What you should do: Starting with the line that contains "A book cover", give again exactly and only each line through the end of the records; include the last line and exclude pictures.

Supplied entries:

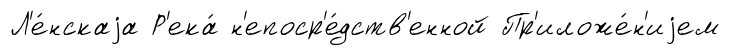
Л'е́нскаjа Р'ека́ н'епоср'е́дств'енной Пр'иложе́н'иjем
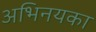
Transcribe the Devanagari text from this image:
अभिनयका
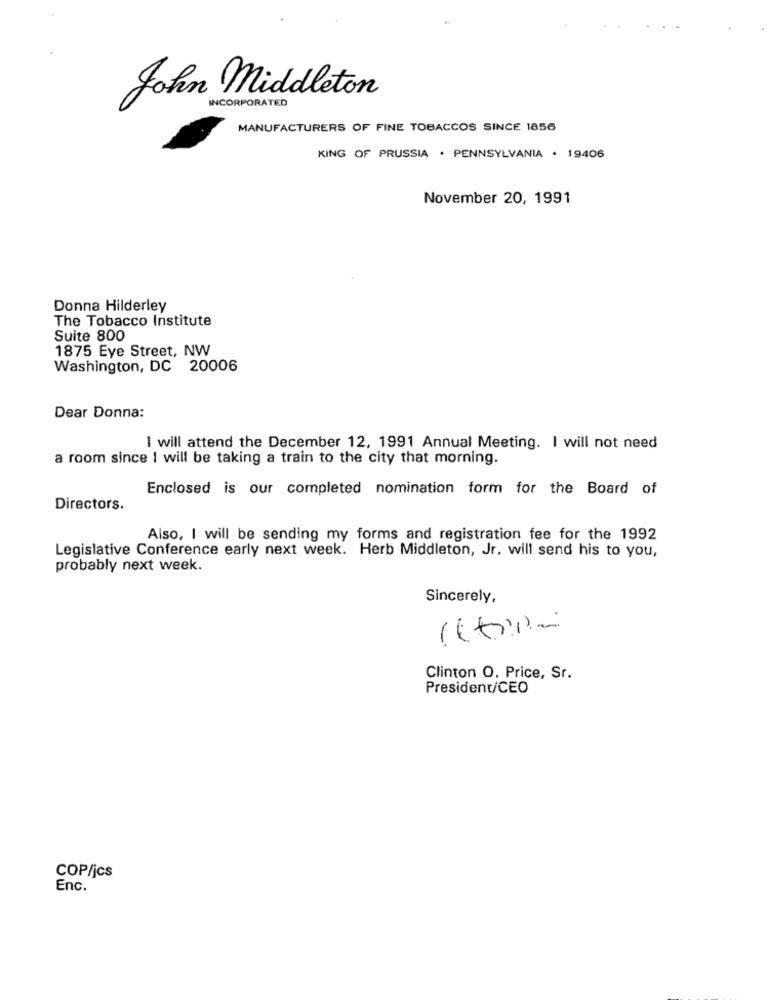
John Middleton
INCORPORATED
MANUFACTURERS OF FINE TOBACCOS SINCE 1856
KING OF PRUSSIA . PENNSYLVANIA . 19406
November 20, 1991
Donna Hilderley
The Tobacco Institute
Suite 800
1875 Eye Street, NW
Washington, DC 20006
Dear Donna:
I will attend the December 12, 1991 Annual Meeting. I will not need
a room since I will be taking a train to the city that morning.
Enclosed is our completed nomination form for the Board of
Directors.
Also, I will be sending my forms and registration fee for the 1992
Legislative Conference early next week. Herb Middleton, Jr. will send his to you,
probably next week.
Sincerely,
-
Clinton O. Price, Sr.
President/CEO
COP/jcs
Enc.
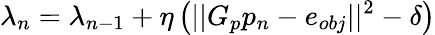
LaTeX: \lambda_{n}=\lambda_{n-1}+\eta\left(||G_{p}p_{n}-e_{obj}||^{2}-\delta\right)
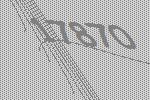
17870
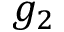
g _ { 2 }
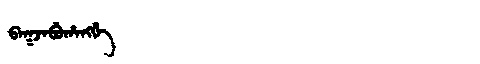
Manchu: ᠪᠠᡴᠵᠠᠪᡠᡥᠠᠩᡤᡝ
Romanization: BAKJABUHANGGE
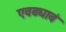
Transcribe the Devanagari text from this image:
एवढ्यावं
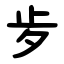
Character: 㱑
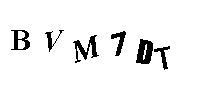
BVM7DT
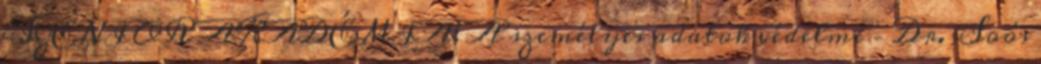
SZENIOR AKADÉMIA: A személyes adatok védelme – Dr. Soós
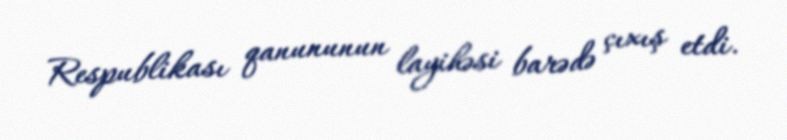
Respublikası qanununun layihəsi barədə çıxış etdi.
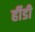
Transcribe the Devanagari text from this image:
र्हीडी
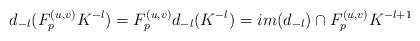
LaTeX: \begin{align*}d_{-l}(F^{(u,v)}_p K^{-l}) = F^{(u,v)}_p d_{-l}(K^{-l}) = im(d_{-l}) \cap F^{(u,v)}_p K^{-l+1}\end{align*}
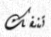
تنفك
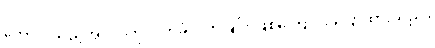
ကောင်းသည့်အလုပ်ကိုလက်ခံလိုက်ခြင်း ဖြစ်ကြောင်း ပြောထားသည်။
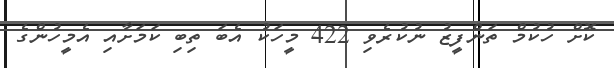
ކޮށް ހުކުމް ތަންފީޒު ނުކުރެވި 422 މީހަކު އެބަ ތިބި ކަމަށާއި އެމީހުންގެ
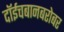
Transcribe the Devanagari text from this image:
दॉईचबानबरोबर
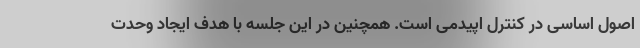
اصول اساسی در کنترل اپیدمی است. همچنین در این جلسه با هدف ایجاد وحدت
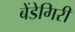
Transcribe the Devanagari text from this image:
बेंडेगिरी
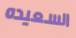
السعيده
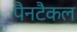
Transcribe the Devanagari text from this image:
पैनटैकल
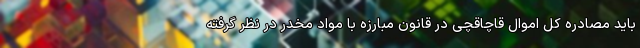
باید مصادره کل اموال قاچاقچی در قانون مبارزه با مواد مخدر در نظر گرفته
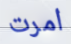
امرت
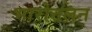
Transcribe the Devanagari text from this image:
भारोत्तलन
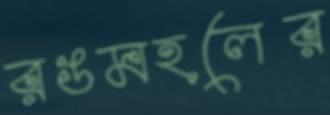
রঙমহলের
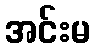
အင်းမ
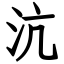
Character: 沆
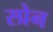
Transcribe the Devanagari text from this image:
स्प्रेन
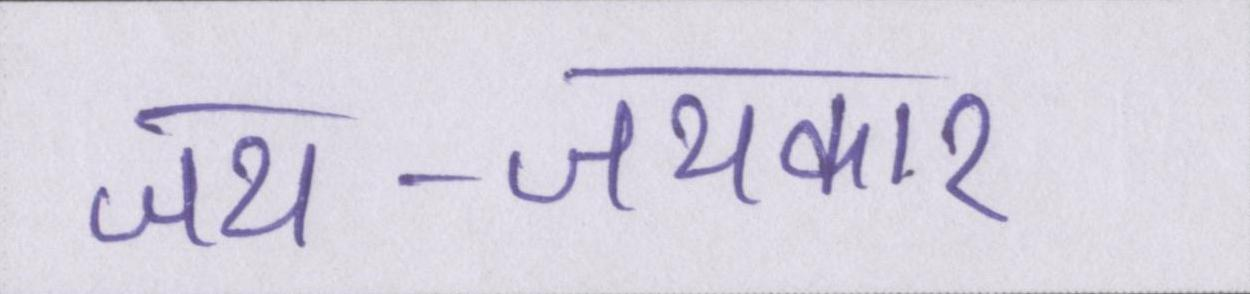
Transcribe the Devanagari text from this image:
जय-जयकार
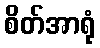
စိတ်အာရုံ
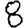
Digit: 8
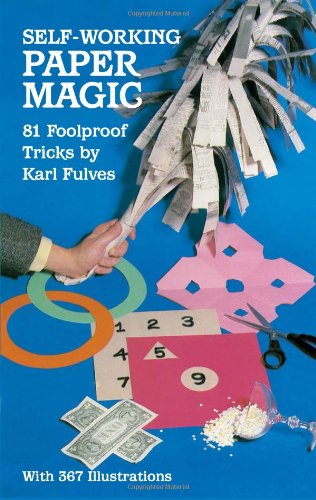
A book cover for Self-Working Paper Magic: 81 Foolproof Tricks (Dover Magic Books); Karl Fulves; Humor & Entertainment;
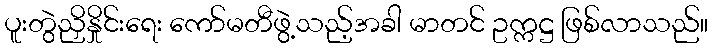
ပူးတွဲညှိနှိုင်းရေး ကော်မတီဖွဲ့သည့်အခါ မာတင် ဥက္ကဋ္ဌ ဖြစ်လာသည်။
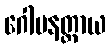
ဂေါပနတ္ထာယ
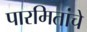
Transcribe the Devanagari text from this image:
पारमितांचे
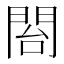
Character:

Response to this exercise:
A book cover for Self-Working Paper Magic: 81 Foolproof Tricks (Dover Magic Books); Karl Fulves; Humor & Entertainment;
ပူးတွဲညှိနှိုင်းရေး ကော်မတီဖွဲ့သည့်အခါ မာတင် ဥက္ကဋ္ဌ ဖြစ်လာသည်။
ဂေါပနတ္ထာယ
Transcribe the Devanagari text from this image:
पारमितांचे
Character:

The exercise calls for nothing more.